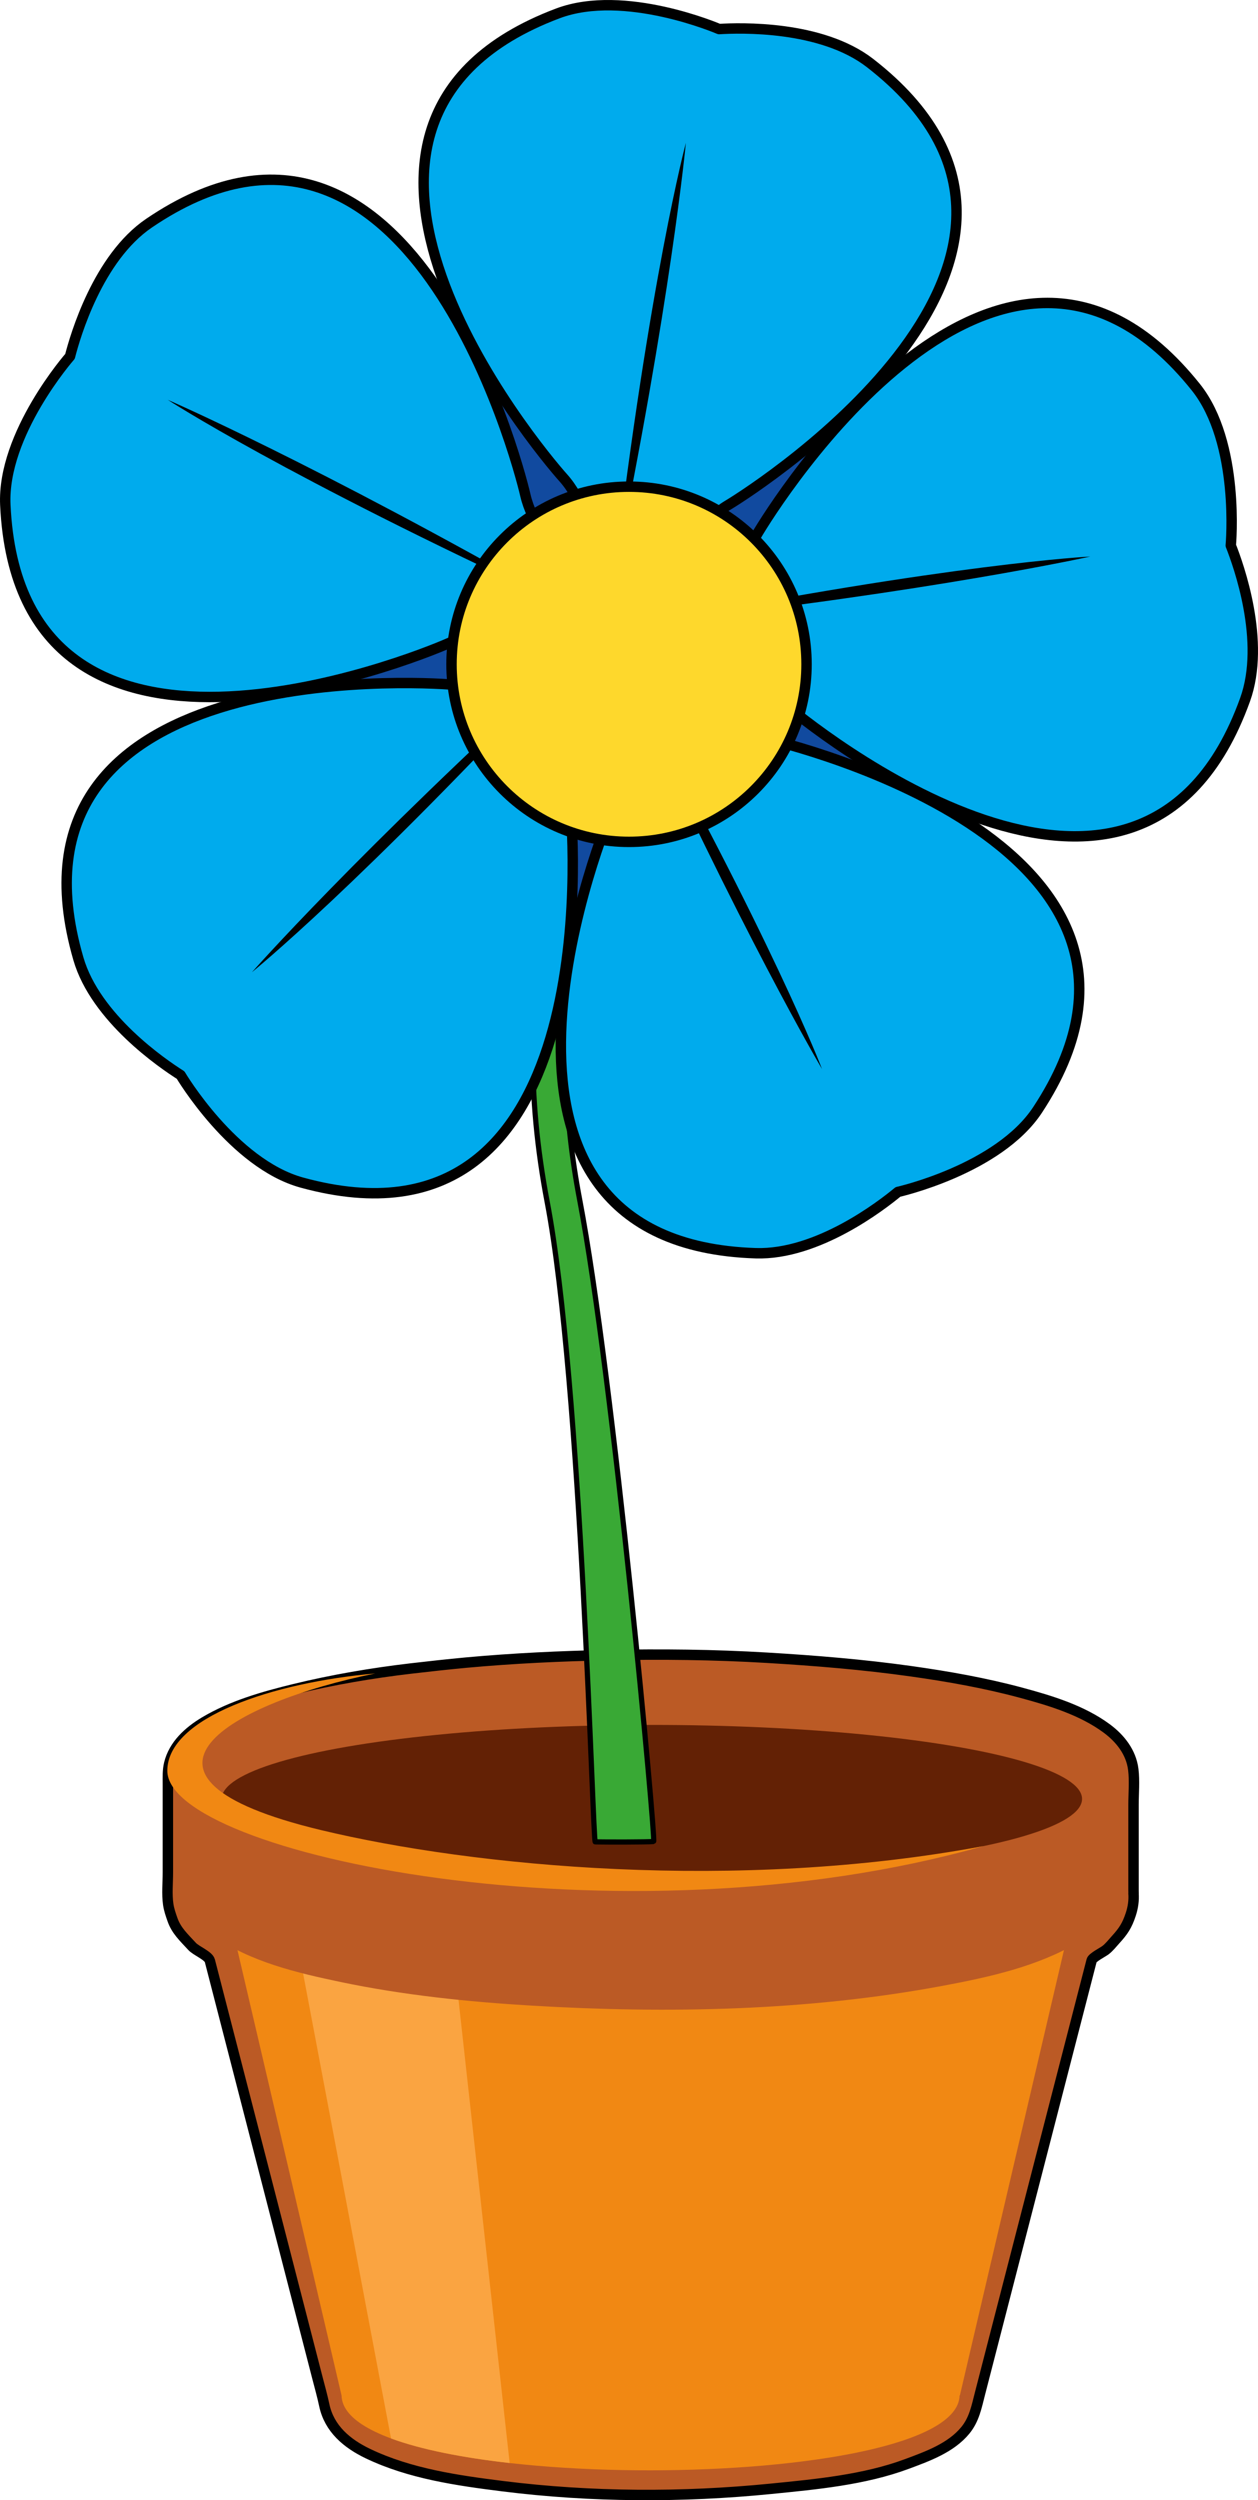 <?xml version="1.0" encoding="utf-8"?>
<!-- Generator: Adobe Illustrator 16.0.0, SVG Export Plug-In . SVG Version: 6.00 Build 0)  -->
<!DOCTYPE svg PUBLIC "-//W3C//DTD SVG 1.1//EN" "http://www.w3.org/Graphics/SVG/1.1/DTD/svg11.dtd">
<svg version="1.1" id="Layer_1" xmlns="http://www.w3.org/2000/svg" xmlns:xlink="http://www.w3.org/1999/xlink" x="0px" y="0px"
	 width="120.823px" height="240.022px" viewBox="0 0 120.823 240.022" enable-background="new 0 0 120.823 240.022"
	 xml:space="preserve">
<g>
	
		<path fill-rule="evenodd" clip-rule="evenodd" fill="#BB5A25" stroke="#000000" stroke-linecap="round" stroke-linejoin="round" stroke-miterlimit="10" d="
		M29.817,170.709c-1.783,0.433-3.554,0.897-5.239,1.634c7.152,0,14.305,0,21.458,0c12.741,0,25.483,0,38.224,0
		c5.46,0,10.919,0,16.379,0c-3.733-1.633-7.964-2.302-11.977-2.848c-4.248-0.579-8.514-0.979-12.794-1.227
		c-8.583-0.497-17.219-0.538-25.804-0.041C43.272,168.621,36.471,169.25,29.817,170.709z M44.768,159.612
		c4.534-0.415,9.085-0.627,13.637-0.721c5.076-0.105,10.174-0.049,15.243,0.253c4.637,0.276,9.263,0.652,13.864,1.299
		c3.563,0.501,7.122,1.132,10.599,2.07c2.803,0.756,5.807,1.668,8.17,3.411c1.311,0.967,2.362,2.296,2.564,3.954
		c0.135,1.104,0.022,2.282,0.022,3.388c0,2.753,0,5.505,0,8.258c0,0.106,0.002,0.211,0.008,0.317
		c-0.003-0.028-0.006-0.058-0.009-0.086c0.053,0.692-0.046,1.368-0.263,2.026c-0.354,1.078-0.72,1.624-1.466,2.44
		c-0.314,0.344-0.606,0.733-0.982,1.012c-0.248,0.183-1.235,0.684-1.309,0.972c-0.837,3.243-1.673,6.487-2.51,9.73
		c-2.737,10.614-5.475,21.228-8.213,31.842c-0.326,1.263-0.548,2.489-1.407,3.536c-1.386,1.69-3.628,2.492-5.604,3.228
		c-4.111,1.53-8.748,1.957-13.08,2.388c-8.48,0.844-17.258,0.811-25.718-0.248c-4.388-0.55-8.949-1.202-12.975-3.13
		c-2.017-0.966-3.715-2.389-4.193-4.643c-0.191-0.902-0.443-1.792-0.674-2.686c-2.875-11.145-5.75-22.288-8.625-33.432
		c-0.471-1.827-0.942-3.654-1.414-5.48c-0.092-0.358-0.185-0.716-0.277-1.073c-0.129-0.499-1.311-0.948-1.704-1.375
		c-0.81-0.88-1.517-1.521-1.885-2.572c-0.171-0.485-0.337-0.96-0.411-1.472c-0.143-0.996-0.032-2.034-0.032-3.092
		c0-2.815,0-5.631,0-8.445c0-0.669-0.034-1.317,0.126-1.975c0.442-1.81,1.874-3.094,3.418-4.014
		c2.615-1.557,5.662-2.419,8.598-3.135c3.686-0.898,7.454-1.54,11.221-1.981C41.249,159.971,43.006,159.777,44.768,159.612z"/>
	<path fill-rule="evenodd" clip-rule="evenodd" fill="#F18813" d="M19.867,174.641h85.259L92.192,229.96h-0.03
		c-0.165,9.527-59.194,9.659-59.358,0h-0.002L19.867,174.641L19.867,174.641z"/>
	<path fill-rule="evenodd" clip-rule="evenodd" fill="#FAA441" d="M48.949,236.453c-4.523-0.509-8.511-1.294-11.393-2.359
		l-9.793-51.769l15.319,0.999L48.949,236.453L48.949,236.453z"/>
	<path fill-rule="evenodd" clip-rule="evenodd" fill="#BB5A25" d="M107.077,181.917c0.235,1.994-2.063,3.682-3.535,4.557
		c-3.908,2.326-8.627,3.351-13.046,4.175c-12.901,2.407-26.341,2.672-39.411,1.894c-6.158-0.366-12.334-1.004-18.378-2.27
		c-4.125-0.864-8.669-1.93-12.167-4.405c-1.064-0.753-2.093-1.73-2.507-3.001c-0.169-0.533-0.116-1.011-0.116-1.557
		c0-3.577-0.144-7.186-0.012-10.758c0.095-2.561,3.627-3.86,5.642-4.618c4.206-1.581,8.707-2.402,13.138-3.062
		c9.285-1.38,18.728-1.818,28.107-1.709c9.514,0.102,19.125,0.709,28.472,2.564c3.911,0.778,8.253,1.671,11.657,3.869
		c1.117,0.722,2.128,1.647,2.164,3.045C107.18,174.39,107.077,178.162,107.077,181.917z M17.903,182.149
		C17.902,182.149,17.902,182.149,17.903,182.149L17.903,182.149z M17.903,170.476C17.902,170.476,17.902,170.476,17.903,170.476
		L17.903,170.476z"/>
	<ellipse fill-rule="evenodd" clip-rule="evenodd" fill="#632105" cx="62.608" cy="172.7" rx="41.318" ry="7.106"/>
	<path fill-rule="evenodd" clip-rule="evenodd" fill="#F18813" d="M94.441,177.228c-34.984,9.9-78.371,0.72-78.371-7.231
		c0-5.109,10.167-8.488,19.967-9.342c-13.751,2.769-26.597,9.898-5.218,15.033C45.446,179.202,70.786,181.647,94.441,177.228
		L94.441,177.228z"/>
</g>
<g>
	
		<path fill="#39A935" stroke="#000000" stroke-width="0.5" stroke-linecap="round" stroke-linejoin="round" stroke-miterlimit="10" d="
		M57.167,176.821c-0.236-0.002-1.312-44.097-4.609-61.409c-1.942-10.189-1.845-19.632,0.288-28.068
		c2.681-10.601,8.602-19.634,17.599-26.853l2.483,1.199C53.25,77.476,52.684,99.492,55.675,115.181
		c3.257,17.078,7.33,61.587,7.104,61.605C62.092,176.844,58.37,176.844,57.167,176.821z"/>
	<circle fill="#114A9F" stroke="#000000" stroke-miterlimit="10" cx="60.412" cy="59.869" r="31.138"/>
	<g>
		<path fill="#00ABED" stroke="#000000" stroke-linecap="round" stroke-linejoin="round" stroke-miterlimit="10" d="M83.568,6.056
			C78.879,2.42,71.067,2.665,69.064,2.79c0,0-9.079-3.919-15.493-1.502c-28.054,10.584-1.908,41.874,0.528,44.582
			c3.519,3.921,4.292,13.227,4.292,13.227l3.488,0.523c0,0,3.511-8.418,8.031-11.122C73.036,46.626,107.252,24.447,83.568,6.056z"/>
		<path fill="#00ABED" stroke="#000000" stroke-linecap="round" stroke-linejoin="round" stroke-miterlimit="10" d="M14.312,21.425
			c-4.911,3.336-7.091,10.838-7.589,12.789c0,0-6.533,7.43-6.211,14.27C1.904,78.43,39.744,63.23,43.073,61.754
			c4.811-2.137,13.902,0.007,13.902,0.007l1.582-3.156c0,0-6.929-5.942-8.101-11.073C49.642,43.979,39.117,4.587,14.312,21.425z"/>
		<path fill="#00ABED" stroke="#000000" stroke-linecap="round" stroke-linejoin="round" stroke-miterlimit="10" d="M7.528,92.041
			c1.655,5.702,8.118,10.093,9.817,11.167c0,0,5.041,8.511,11.651,10.323c28.915,7.925,26.155-32.758,25.771-36.378
			c-0.542-5.24,4.3-13.223,4.3-13.223l-2.509-2.476c0,0-7.787,4.749-13.036,4.281C39.896,65.408-0.824,63.244,7.528,92.041z"/>
		<path fill="#00ABED" stroke="#000000" stroke-linecap="round" stroke-linejoin="round" stroke-miterlimit="10" d="M72.588,120.312
			c5.934,0.187,12.109-4.603,13.654-5.885c0,0,9.653-2.161,13.418-7.887c16.472-25.049-23.07-34.999-26.632-35.756
			c-5.149-1.101-11.248-8.175-11.248-8.175l-3.127,1.622c0,0,2.11,8.874,0.041,13.72C57.262,81.299,42.624,119.356,72.588,120.312z"
			/>
		<path fill="#00ABED" stroke="#000000" stroke-linecap="round" stroke-linejoin="round" stroke-miterlimit="10" d="M119.582,67.173
			c2.014-5.584-0.633-12.938-1.373-14.805c0,0,0.918-9.849-3.358-15.199c-18.733-23.406-40.414,11.13-42.236,14.282
			c-2.638,4.559-11.25,8.168-11.25,8.168l0.576,3.481c0,0,9.092,0.733,13.061,4.194C77.745,69.693,109.417,95.376,119.582,67.173z"
			/>
	</g>
	<g>
		<path d="M58.976,55.4c3.415-28.747,6.899-41.684,6.899-41.684S64.419,29.045,58.976,55.4z"/>
		<path d="M53.626,57.83C27.341,45.701,16.108,38.38,16.108,38.38S30.24,44.506,53.626,57.83z"/>
		<path d="M54.281,63.663C34.623,84.915,24.195,93.335,24.195,93.335S34.379,81.788,54.281,63.663z"/>
		<path d="M60.028,64.847c14.141,25.264,18.924,37.785,18.924,37.785S71.118,89.368,60.028,64.847z"/>
		<path d="M62.934,59.742c28.395-5.638,41.779-6.315,41.779-6.315S89.681,56.777,62.934,59.742z"/>
	</g>
	
		<circle fill="#FED82C" stroke="#000000" stroke-linecap="round" stroke-linejoin="round" stroke-miterlimit="10" cx="60.414" cy="63.771" r="17.049"/>
</g>
</svg>

To do: If a line in the records holds the string "stroke", copy it.

Completed exercise:
		<path fill-rule="evenodd" clip-rule="evenodd" fill="#BB5A25" stroke="#000000" stroke-linecap="round" stroke-linejoin="round" stroke-miterlimit="10" d="
		<path fill="#39A935" stroke="#000000" stroke-width="0.5" stroke-linecap="round" stroke-linejoin="round" stroke-miterlimit="10" d="
	<circle fill="#114A9F" stroke="#000000" stroke-miterlimit="10" cx="60.412" cy="59.869" r="31.138"/>
		<path fill="#00ABED" stroke="#000000" stroke-linecap="round" stroke-linejoin="round" stroke-miterlimit="10" d="M83.568,6.056
		<path fill="#00ABED" stroke="#000000" stroke-linecap="round" stroke-linejoin="round" stroke-miterlimit="10" d="M14.312,21.425
		<path fill="#00ABED" stroke="#000000" stroke-linecap="round" stroke-linejoin="round" stroke-miterlimit="10" d="M7.528,92.041
		<path fill="#00ABED" stroke="#000000" stroke-linecap="round" stroke-linejoin="round" stroke-miterlimit="10" d="M72.588,120.312
		<path fill="#00ABED" stroke="#000000" stroke-linecap="round" stroke-linejoin="round" stroke-miterlimit="10" d="M119.582,67.173
		<circle fill="#FED82C" stroke="#000000" stroke-linecap="round" stroke-linejoin="round" stroke-miterlimit="10" cx="60.414" cy="63.771" r="17.049"/>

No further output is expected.